Currently, the Pennsylvania National Guardsmen are among the 2,400 volunteer force on the Arizona border.

In addition to their surveillance work, the guardsmen are also improving roadways used by border agents to traverse the rugged terrain, repair in-place fencing and construct barriers to slow the illegal foot or vehicular traffic.

In some areas, only the guardsmen stand as a deterrent to those wanting to enter the U.S. While there is fencing in some areas, it is minimal along the Yuma Sector. The Colorado River, an irrigation canal and huge stone boulders can slow the movement, but can be navigated by those willing to take the chance, said officials.

Ron Colburn, chief of the U.S. Border Patrol Yuma Sector, said that the National Guard's presence on the border has reduced the number of those illegally entering the U.S. by 60 percent.

The additional manpower, he added, gets the border patrol agents "back on the border."

"We have more agents out in the field doing what they were trained to do," said Colburn.

According to officials, most trying to make their way across the border are doing so for money to provide for their families.

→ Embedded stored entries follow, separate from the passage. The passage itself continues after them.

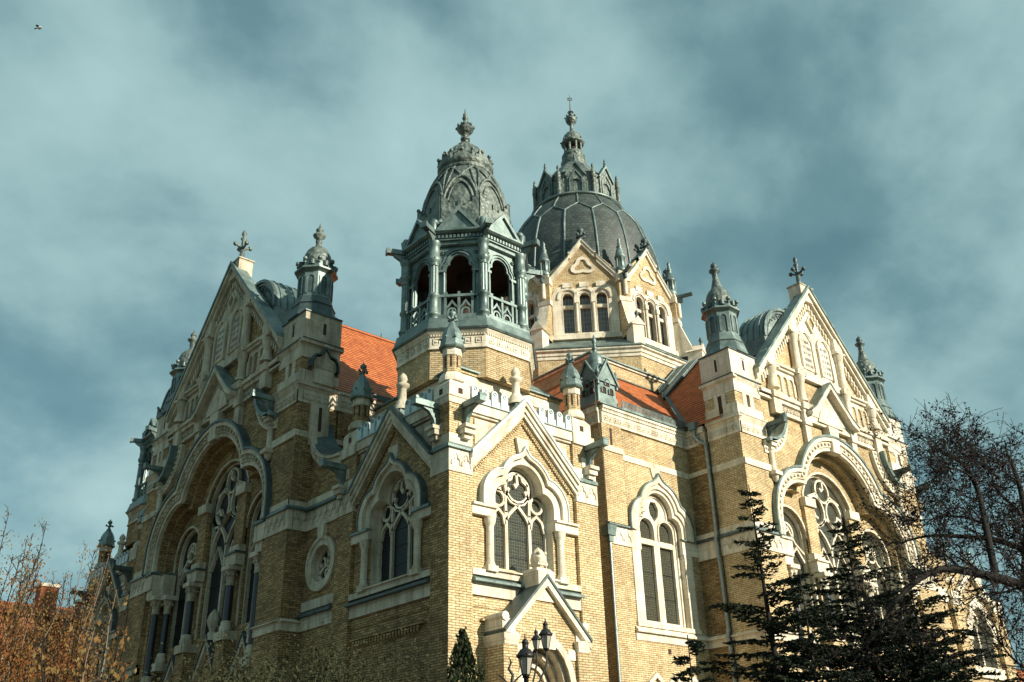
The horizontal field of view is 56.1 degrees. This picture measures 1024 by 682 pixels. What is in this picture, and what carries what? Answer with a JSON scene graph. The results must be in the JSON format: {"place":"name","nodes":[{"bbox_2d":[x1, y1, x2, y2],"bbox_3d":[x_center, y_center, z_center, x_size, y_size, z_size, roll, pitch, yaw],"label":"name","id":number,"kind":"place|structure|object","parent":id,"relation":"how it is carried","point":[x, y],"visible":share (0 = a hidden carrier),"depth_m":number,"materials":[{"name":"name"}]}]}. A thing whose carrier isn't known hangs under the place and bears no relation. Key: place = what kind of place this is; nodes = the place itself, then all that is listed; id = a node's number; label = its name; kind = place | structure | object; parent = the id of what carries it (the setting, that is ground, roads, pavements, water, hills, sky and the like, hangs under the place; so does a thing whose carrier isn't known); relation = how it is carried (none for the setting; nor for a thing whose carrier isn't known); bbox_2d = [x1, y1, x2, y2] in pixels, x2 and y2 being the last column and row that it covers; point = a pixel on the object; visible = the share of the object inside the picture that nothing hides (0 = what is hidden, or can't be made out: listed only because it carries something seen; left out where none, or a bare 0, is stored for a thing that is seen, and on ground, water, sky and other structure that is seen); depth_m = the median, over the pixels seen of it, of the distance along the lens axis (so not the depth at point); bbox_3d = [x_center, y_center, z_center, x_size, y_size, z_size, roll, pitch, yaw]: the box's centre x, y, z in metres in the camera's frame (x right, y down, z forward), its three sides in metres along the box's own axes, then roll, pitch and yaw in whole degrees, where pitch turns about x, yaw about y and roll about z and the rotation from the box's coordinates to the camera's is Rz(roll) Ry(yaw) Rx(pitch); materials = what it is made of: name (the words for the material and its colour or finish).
{"place":"outdoors","nodes":[
{"label":"outdoors","id":0,"kind":"place"},
{"bbox_2d":[0,504,67,681],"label":"autumn tree","id":1,"kind":"object","parent":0,"point":[25,588],"visible":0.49,"depth_m":21.18,"materials":[{"name":"brown plant"}]},
{"bbox_2d":[0,535,75,681],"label":"autumn tree","id":2,"kind":"object","parent":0,"point":[38,620],"visible":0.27,"depth_m":22.98,"materials":[{"name":"brown plant"}]},
{"bbox_2d":[0,583,83,681],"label":"brick house","id":3,"kind":"structure","parent":0,"point":[44,590],"depth_m":78.92,"materials":[{"name":"brick"}]},
{"bbox_2d":[1,562,108,681],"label":"autumn tree","id":4,"kind":"object","parent":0,"point":[59,623],"visible":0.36,"depth_m":23.92,"materials":[{"name":"brown plant"}]},
{"bbox_2d":[0,606,132,681],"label":"autumn tree","id":5,"kind":"object","parent":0,"point":[71,662],"visible":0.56,"depth_m":18.23,"materials":[{"name":"brown plant"}]},
{"bbox_2d":[19,541,118,681],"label":"autumn tree","id":6,"kind":"object","parent":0,"point":[93,665],"visible":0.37,"depth_m":24.81,"materials":[{"name":"brown plant"}]},
{"bbox_2d":[58,590,136,681],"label":"autumn tree","id":7,"kind":"object","parent":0,"point":[111,673],"visible":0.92,"depth_m":15.08,"materials":[{"name":"brown plant"}]},
{"bbox_2d":[58,641,243,681],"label":"tall shrub","id":8,"kind":"object","parent":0,"point":[129,680],"visible":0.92,"depth_m":15.09,"materials":[{"name":"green plant"}]},
{"bbox_2d":[159,615,332,681],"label":"tall shrub","id":9,"kind":"object","parent":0,"point":[228,677],"visible":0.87,"depth_m":16.71,"materials":[{"name":"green plant"}]},
{"bbox_2d":[183,626,332,681],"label":"tall shrub","id":10,"kind":"object","parent":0,"point":[264,680],"visible":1,"depth_m":13.92,"materials":[{"name":"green plant"}]},
{"bbox_2d":[228,590,388,681],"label":"tall shrub","id":11,"kind":"object","parent":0,"point":[324,675],"visible":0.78,"depth_m":17.81,"materials":[{"name":"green plant"}]},
{"bbox_2d":[295,614,444,681],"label":"tall shrub","id":12,"kind":"object","parent":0,"point":[367,678],"visible":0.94,"depth_m":17.89,"materials":[{"name":"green plant"}]},
{"bbox_2d":[0,0,1023,668],"label":"sky","id":13,"kind":"structure","parent":0,"point":[877,146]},
{"bbox_2d":[750,571,877,681],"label":"cedar tree","id":14,"kind":"object","parent":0,"point":[795,598],"visible":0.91,"depth_m":21.10,"materials":[{"name":"green plant"}]},
{"bbox_2d":[778,519,983,681],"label":"cedar tree","id":15,"kind":"object","parent":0,"point":[842,663],"visible":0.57,"depth_m":22.96,"materials":[{"name":"green plant"}]},
{"bbox_2d":[852,567,1023,681],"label":"cedar tree","id":16,"kind":"object","parent":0,"point":[937,671],"visible":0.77,"depth_m":21.03,"materials":[{"name":"green plant"}]},
{"label":"ground","id":17,"kind":"structure","parent":0,"visible":0},
{"bbox_2d":[0,544,49,681],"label":"autumn tree","id":18,"kind":"object","parent":17,"relation":"on","point":[31,590],"visible":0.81,"depth_m":18.93,"materials":[{"name":"brown plant"}]},
{"bbox_2d":[0,610,108,681],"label":"autumn tree","id":19,"kind":"object","parent":17,"relation":"on","point":[20,661],"visible":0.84,"depth_m":17.21,"materials":[{"name":"brown plant"}]},
{"bbox_2d":[24,627,106,681],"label":"autumn tree","id":20,"kind":"object","parent":17,"relation":"on","point":[54,668],"visible":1,"depth_m":14.14,"materials":[{"name":"brown plant"}]},
{"bbox_2d":[445,626,484,681],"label":"thuja tree","id":21,"kind":"object","parent":17,"relation":"on","point":[462,656],"visible":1,"depth_m":18.07,"materials":[{"name":"green plant"}]},
{"bbox_2d":[497,619,552,681],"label":"street lamp","id":22,"kind":"object","parent":17,"relation":"on","point":[525,656],"visible":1,"depth_m":19.28,"materials":[{"name":"metal"}]},
{"bbox_2d":[71,94,1016,681],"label":"synagogue","id":23,"kind":"structure","parent":17,"relation":"on","point":[505,444],"depth_m":39.56,"materials":[{"name":"brick"}]},
{"bbox_2d":[93,612,110,675],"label":"window","id":24,"kind":"structure","parent":23,"relation":"in","point":[101,658],"depth_m":49.19,"materials":[{"name":"glass"}]},
{"bbox_2d":[168,529,197,648],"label":"window","id":25,"kind":"structure","parent":23,"relation":"in","point":[187,558],"depth_m":43.52,"materials":[{"name":"glass"}]},
{"bbox_2d":[200,462,247,638],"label":"window","id":26,"kind":"structure","parent":23,"relation":"in","point":[224,501],"depth_m":41.73,"materials":[{"name":"glass"}]},
{"bbox_2d":[241,498,261,624],"bbox_3d":[-9.857,8.514,38.280,0.210,5.200,2.500,20,-34,-36],"label":"window","id":27,"kind":"structure","parent":23,"relation":"in","point":[249,580],"depth_m":38.73,"materials":[{"name":"glass"}]},
{"bbox_2d":[318,547,329,580],"bbox_3d":[-6.522,7.946,34.196,0.120,1.341,1.340,20,-34,-36],"label":"round window","id":28,"kind":"structure","parent":23,"relation":"in","point":[324,560],"depth_m":34.37,"materials":[{"name":"stone"}]},
{"bbox_2d":[377,474,413,582],"bbox_3d":[-3.593,6.047,31.530,0.160,3.570,2.580,20,-34,-36],"label":"window","id":29,"kind":"structure","parent":23,"relation":"in","point":[396,531],"depth_m":31.66,"materials":[{"name":"glass"}]},
{"bbox_2d":[494,468,548,571],"bbox_3d":[0.143,5.841,31.319,2.580,3.570,0.160,20,-34,-36],"label":"window","id":30,"kind":"structure","parent":23,"relation":"in","point":[520,527],"depth_m":31.35,"materials":[{"name":"glass"}]},
{"bbox_2d":[638,495,685,627],"bbox_3d":[6.006,9.042,39.844,2.700,5.490,0.220,20,-34,-36],"label":"window","id":31,"kind":"structure","parent":23,"relation":"in","point":[663,595],"depth_m":39.88,"materials":[{"name":"glass"}]},
{"bbox_2d":[783,508,817,627],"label":"window","id":32,"kind":"structure","parent":23,"relation":"in","point":[792,528],"depth_m":42.94,"materials":[{"name":"stone"}]},
{"bbox_2d":[804,475,859,634],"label":"window","id":33,"kind":"structure","parent":23,"relation":"in","point":[830,509],"depth_m":45.49,"materials":[{"name":"stone"}]},
{"bbox_2d":[862,534,897,640],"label":"window","id":34,"kind":"structure","parent":23,"relation":"in","point":[871,564],"depth_m":46.94,"materials":[{"name":"stone"}]},
{"bbox_2d":[973,613,992,667],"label":"window","id":35,"kind":"structure","parent":23,"relation":"in","point":[987,664],"depth_m":51.61,"materials":[{"name":"stone"}]},
{"bbox_2d":[671,635,715,681],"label":"cedar tree","id":36,"kind":"object","parent":17,"relation":"on","point":[696,647],"visible":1,"depth_m":19.82,"materials":[{"name":"green plant"}]},
{"bbox_2d":[691,484,861,681],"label":"cedar tree","id":37,"kind":"object","parent":17,"relation":"on","point":[743,609],"visible":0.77,"depth_m":22.55,"materials":[{"name":"green plant"}]},
{"bbox_2d":[802,393,1023,681],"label":"tree","id":38,"kind":"object","parent":17,"relation":"on","point":[992,576],"visible":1,"depth_m":11.36,"materials":[{"name":"brown plant"}]}
]}

Others, however, have a criminal motive, including the transportation of narcotics and weapons.

"One in 10 people (coming across the border illegally) have a criminal record and do not want to be caught," said Colburn. "However, every (illegal) entry is a crime."

Colburn said some are so desperate to reach U.S. soil that they have engaged border patrol agents in shootouts; some wait for hours in the desert despite triple-digit temperatures, while others modify vehicles to squeeze under barriers blocking their paths.

"It is a very violent border," he said.

Border activity has drawn more national attention since 9/11, said officials.

While Mexicans are the bulk of the illegal entrants, Colburn said that agents have halted people from more than 100 foreign countries trying to gain access through Mexico into the U.S. over the past two years.

While he would not elaborate on the number of those of Middle Eastern descent illegally crossing the border, none, he said, had been determined as terrorists.

In October, President Bush signed into law a measure that calls for the construction of 700 miles of fencing along the 2,100-mile U.S./Mexican border.

The Secure Fence Act of 2006 gives Homeland Security 18 months to improve surveillance and make needed improvements to halt the illegal traffic at the border.

In the communications' center, meanwhile, the monitors give no indication that anyone is making their way across the Yuma sector of the border.

Cameras strategically located along the border in addition to sensors in the ground, give agents a heads up as to potential vehicular or pedestrian traffic.

Guardsmen, too, are alerted via radio communication to any problems.

In the air, Black Hawk helicopters - some piloted by Pennsylvania Air National Guardsmen, traverse the border, looking for those crossing the desert, the Colorado River, a nearby canal or just hiding in the brush.

The pilots sometimes get their cue from the border patrol agents when only a shoe print is located on the ground.

"(The border patrol agents) are amazing," said Pennsylvania Army Air National Guardsmen pilot CW3 Scott P. Wiley. "They find a shoe pattern and are able to tell what kind of shoe it is; as they track them on the ground we go out ahead of them and make our way back to them.

"We corner (the illegal entrants) and wait for the border patrol to get there.

"We're just doing what we can to help."